Also INTEGRAL-IBIS-ISGRI (not shown in Fig. 5) has detected pulsed emission from IGR J17498−2921 in a combination of data from observations taken during INTEGRAL revolutions 2630, 2632, and 2634 (MJD 60053.282-60063.761) with at the highest energies a 55–90 keV pulsed emission significance of ∼3.5σ. Remarkably, no pulsed emission (20–60 keV) was detected at the early stage of the outburst during the revolutions 2628 (discovery revolution; see Grebenev et al. 2023) and 2629 from MJD 60047.181–60050.708 when the source flux was rising to its (first) maximum (see Fig. 1, and also Papitto et al. 2020).

5.2. Variability of the pulsed emission: signal strength and pulse arrival

In correcting the barycentered NICER event arrival times for the orbital motion induced delays, we studied the pulsed emission strength across the course of the outburst using the Z₁²-test statistics as a proxy for the S/N (Buccheri et al. 1983). We identified a ∼2 d duration episode on MJD 60060.03–60061.92 with 8.594 ks of GTI exposure exhibiting strongly suppressed pulsed emission with a Z₁² signal strength value of 4.7σ. This episode coincides with the general maximum in the NICER lightcurve shown in Fig. 1. NICER observations performed just before (MJD 60059.015–60059.975; 8.884 ks) and after (MJD 60062.225–60062.944; 4.508 ks) this episode showed pulsed-signal strength of 20.6σ and 30.7σ, respectively. Apparently, the pulsed signal was quenched during the period showing maximum accretion rate. It is interesting to note that during the NICER observation (MJD 60059.015–60059.975) preceding the "quenched" episode the spin-frequency was about 3.4(5)×10⁻⁶ (∼7σ) larger than the outburst averaged value shown in Table 2, likely indicating a short duration spin-up period just before reaching maximum luminosity. Near the end of the outburst at MJD 60066.098–60067.520, a similar, but less pronounced (5.6σ in 2.871 ks) episode of quenched pulsed emission is found in NICER data; this is also coincident with a (local) maximum in the outburst light curve.
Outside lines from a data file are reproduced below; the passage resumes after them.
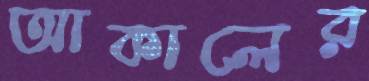
আকালের
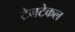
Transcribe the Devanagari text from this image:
टेनटेकल
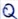
Text: Q
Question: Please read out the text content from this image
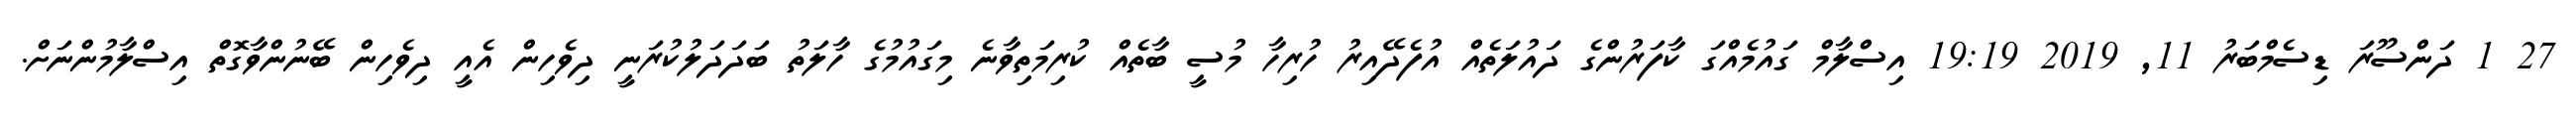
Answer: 27 1 ދަންސޫރަ ޑިސެމްބަރު 11, 2019 19:19 އިސްލާމް ގައުމެއްގަ ކާފަރުންގެ ދައުލަތެއް އުފެދޭއިރު ހުރިހާ މުސީ ބާތެއް ކުރިމަތިވާނެ މިގައުމުގެ ހާލަތު ބަދަދަލުކުރަނީ ދިވެހިން އެއީ ދިވެހިން ބޭނުންވާގޮތް އިސްލާމުންނަށް.
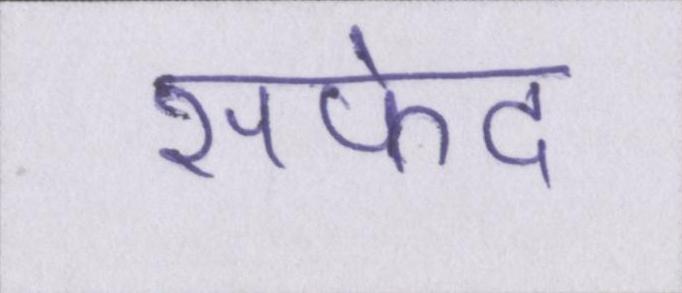
सफेद
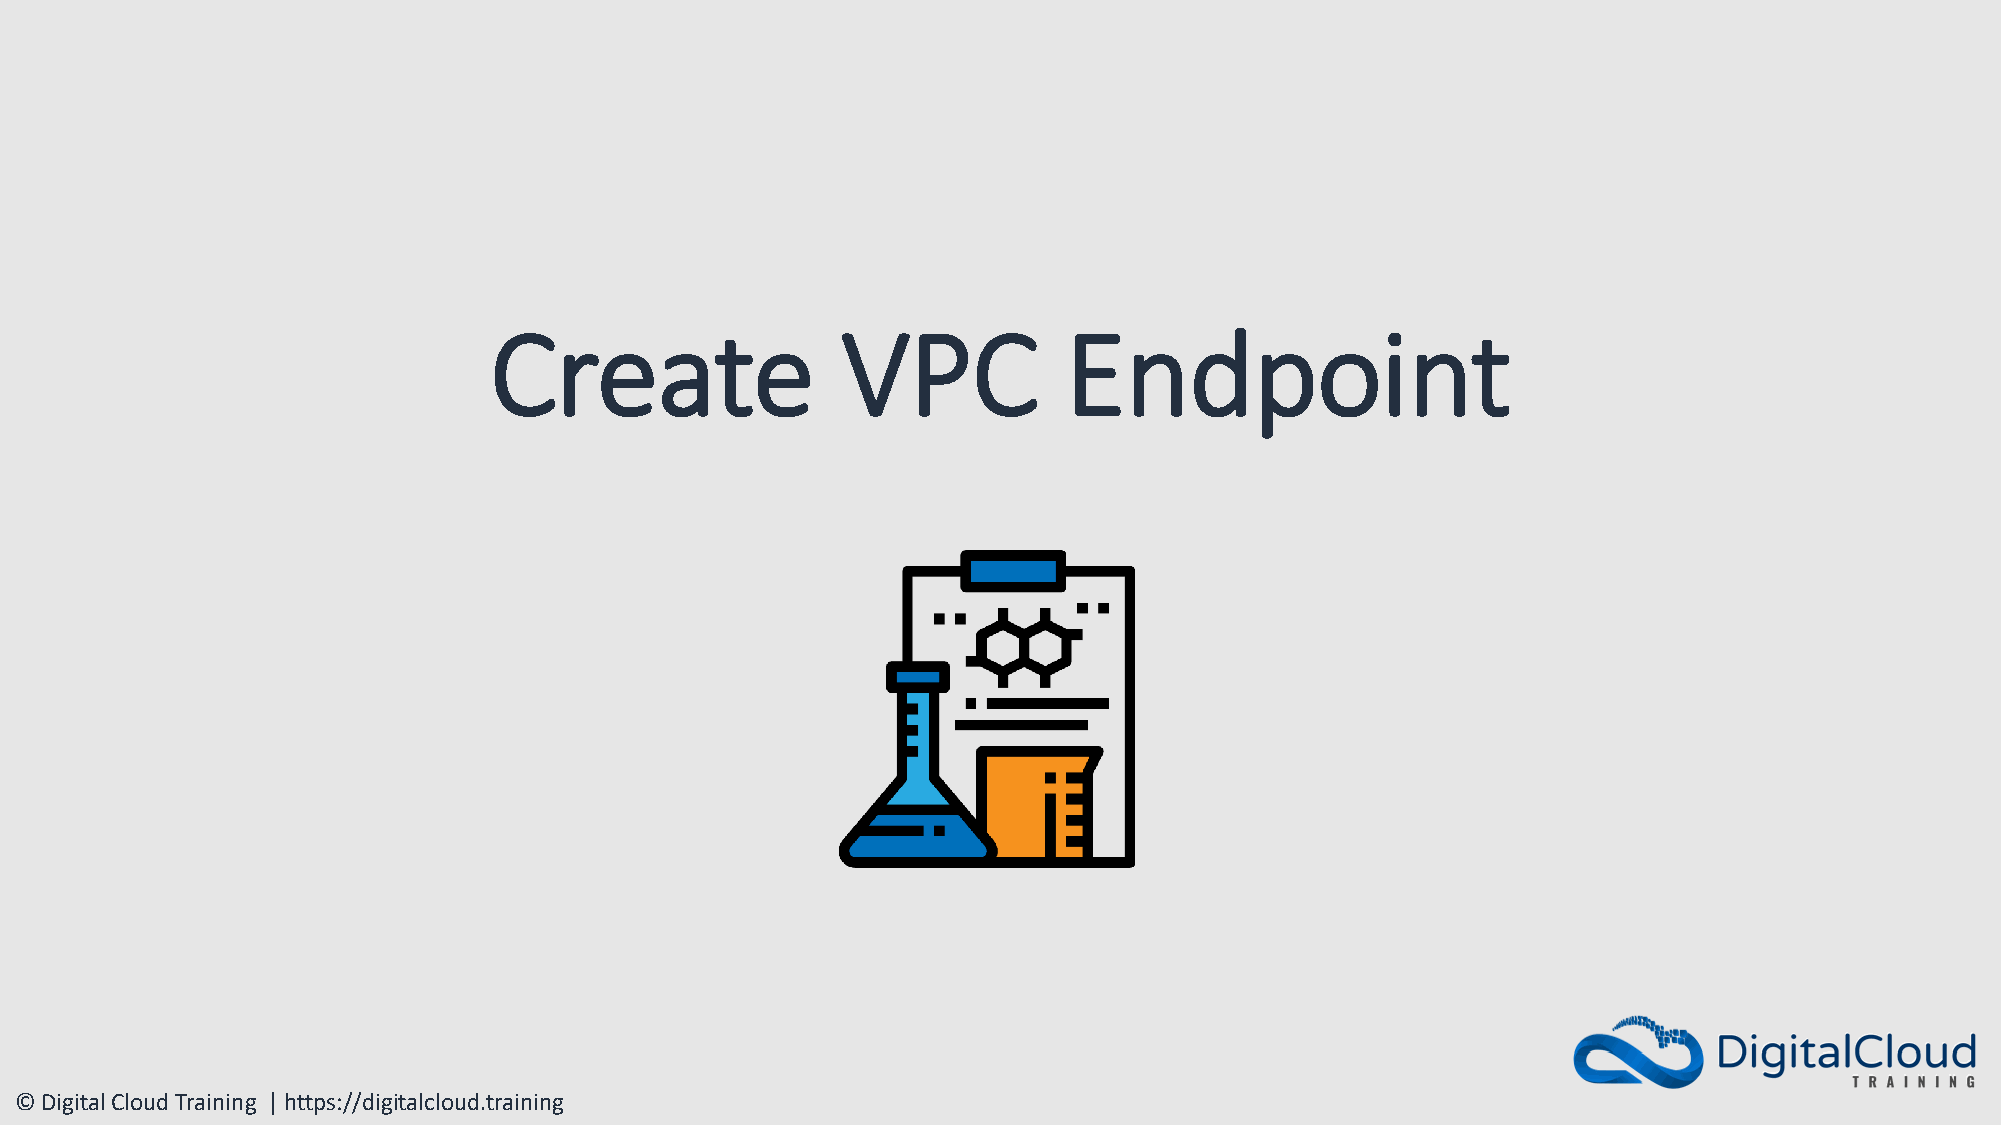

Next, we investigated the stability of the (binary motion corrected) pulse-arrival times by applying a time-of-arrival (ToA) analysis (see e.g. Kuiper & Hermsen 2009, for more details). This method assumes a stable invariant pulse shape of IGR J17498−2921 across the outburst in the correlation process with a high-statistics template. This method was applied to Insight-HXMT HE 20–60 keV data and yielded seven ToA measurements across MJD 60057–60071³ that were scattered slightly around the (outburst averaged spin-frequency) model prediction. Minimizing the Insight-HXMT HE ToA phase residuals yielded a spin frequency of ν = 400.990 185 94(3)Hz with a best fit root-mean-square (RMS) of 0.023 in phase units (≡57.2 μs in time domain), consistent at a 2σ level with the (outburst averaged) value (given in Table 2).

The ToA method applied to fifteen 1.5–10 keV NICER measurements yielded a RMS of 0.092 in phase units (≡228 μs), which is sufficiently small to guarantee phase coherence across the outburst, but the scatter is too large to be explained by statistical fluctuations. Apparently, systematics due to accretion induced processes play an important role in the soft X-ray regime, and result in rather large fluctuations in the pulse-arrival times.

5.3. Pulsed fraction and time lag

From the pulse-phase distributions in different (measured) energy bands (see e.g., Fig. 5), we can deduce some important intrinsic emission properties of the pulsed emission providing clues to the emission mechanism. Focusing now on NICER and NuSTAR, since we can perform reliable background subtraction for these instruments (contrary to the Insight-HXMT instruments given the weakness of the outburst); thus, we can estimate the intrinsic (background subtracted) pulsed fraction as a function of energy band. The measured pulse-phase distributions (for a selected energy interval) can be described in terms of a truncated Fourier series,

$$\begin{array}{c}\hfill F(\varphi )=A_0+\sum _{k=1}^2{A}_{k}cos[2\pi k(\varphi -{\varphi }_k)],\end{array}$$(1)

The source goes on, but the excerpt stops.